Omeprazole should be ingested 30 to 60 minutes before meals. It may be taken with antacids. When taken twice daily, the first dose should be before breakfast and the second dose before dinner. The capsule and tablet should be swallowed whole, not crushed or chewed. However, it is permissible to open the capsule and mix the contents with one tablespoon of applesauce, soft enough to be swallowed without chewing. The suspension should be left to thicken for two to three minutes, following reconstitution and administered within 30 minutes. Drink with a glass of cool water to ensure complete swallowing of the pellets.
Omeprazole therapy should be at the lowest dose possible for the shortest duration; physicians have looked into deprescribing proton pump inhibitors if patients are on it long term. One group recommends deprescribing PPIs, meaning to reduce the dose, stop completely, or use "on-demand" dosing in adults who have completed a minimum of 4 weeks of PPI treatment for heartburn or mild to moderate gastroesophageal reflux disease or esophagitis, and who have achieved symptomatic resolution. The patient should follow up for monitoring of symptoms at weeks 4 and 12 and again at 6 to 12 months. But these recommendations do not apply to those who have or have had Barrett's esophagus, severe esophagitis grade C or D, or documented history of bleeding gastrointestinal ulcers.
Omeprazole is considered a benign drug; however, the primary adverse effects of omeprazole include headache, abdominal pain, nausea, diarrhea, vomiting, and flatulence in adults. The major adverse effects in the pediatric population are similar to adults; the most frequent events were reportedly fever and respiratory. Proton pump inhibitors (PPI) therapy may correlate with an increased risk of Clostridioides difficile (C. diff) associated diarrhea. Long-term and multiple daily dose PPI treatment may have connections with an increased risk for osteoporosis-related fractures of the hip, wrist, or spine but newer studies show long-term PPI use does not correlate with any changes in bone mineral density or bone strength that would predispose to an increased risk of fracture suggesting this relationship is not casual.. Some evidence has shown a diminished antiplatelet activity of clopidogrel due to impaired CYP2C19 function when used in conjunction with 80 mg omeprazole. There are rare reports of hypomagnesemia with prolonged treatment with PPIs. Avoid concomitant use of omeprazole with St John’s wort or rifampin and other CYP450 inducers due to the potential reduction in omeprazole concentration.
Omeprazole is contraindicated in patients with a history of hypersensitivity to the drug or dosage form. It is also contraindicated in patients taking dosage forms containing rilpivirine.

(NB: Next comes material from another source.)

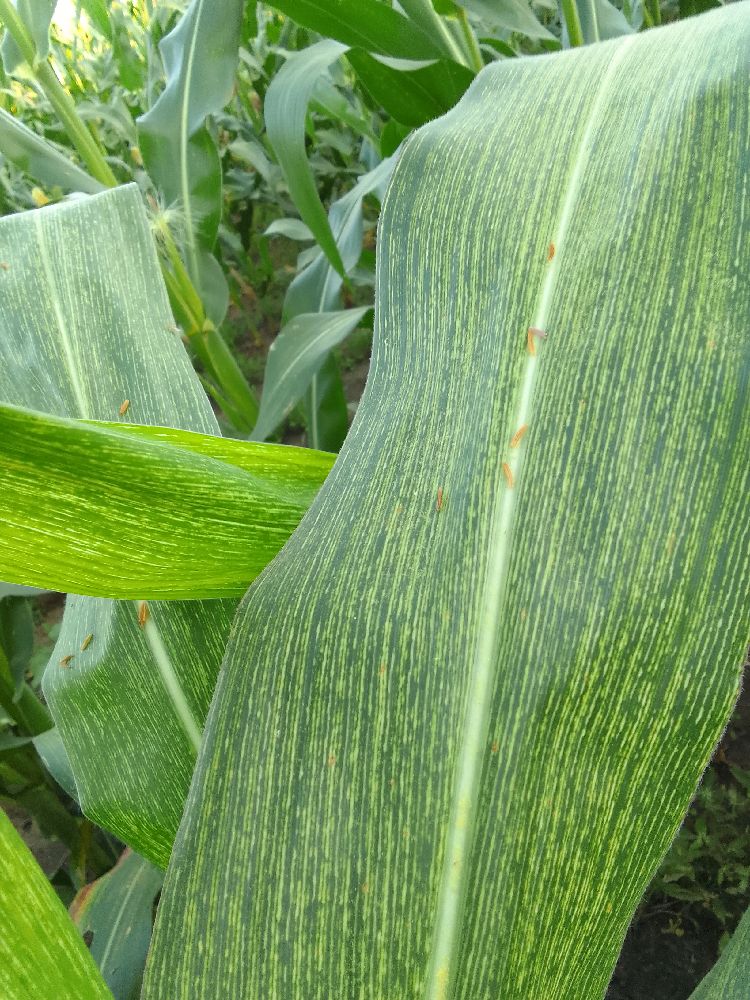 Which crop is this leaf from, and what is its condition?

maize, maize streak virus

Patients should have monitoring for signs and symptoms of gastroesophageal reflux disease and peptic ulcer disease when using omeprazole. Physicians should also monitor for C. difficile associated diarrhea and hypomagnesia when patients are on omeprazole long term.
There have not been a significant number of omeprazole overdoses that have led to serious medical consequences. There is no specific antidote for an event such as this.

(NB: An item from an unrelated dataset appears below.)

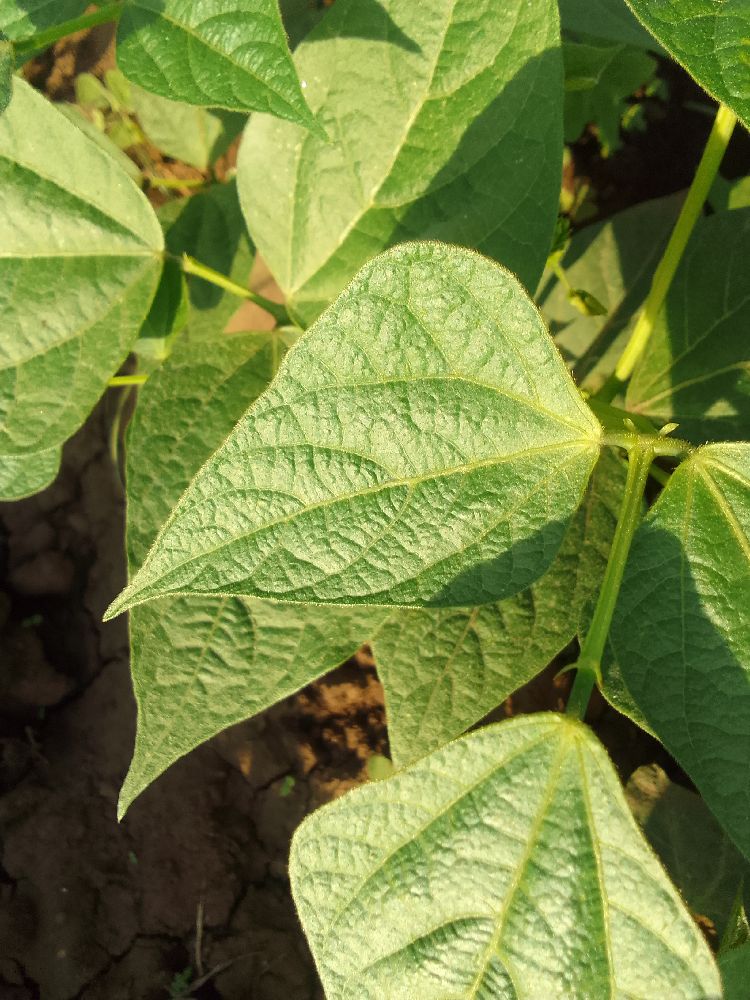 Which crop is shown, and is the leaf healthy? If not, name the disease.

Omeprazole was the first proton pump inhibitor discovered in 1979, and it has revolutionized the management of numerous gastrointestinal diseases. Its efficacy compared to new proton pump inhibitors has been studied. One study showed the superiority of esomeprazole for the Japanese population, especially with CYP2C19 polymorphism over omeprazole and other proton pump inhibitors. Studies have shown equivalent efficacy when comparing omeprazole and rabeprazole. Comparative studies with multiple proton pump inhibitors, including omeprazole, have shown greater cost-effectiveness and management of symptoms when using esomeprazole.
Healthcare workers, including physicians, nurse practitioners, etc., should avoid empirical prescription of omeprazole, and when prescribed, duration limitations should be as per practice guidelines.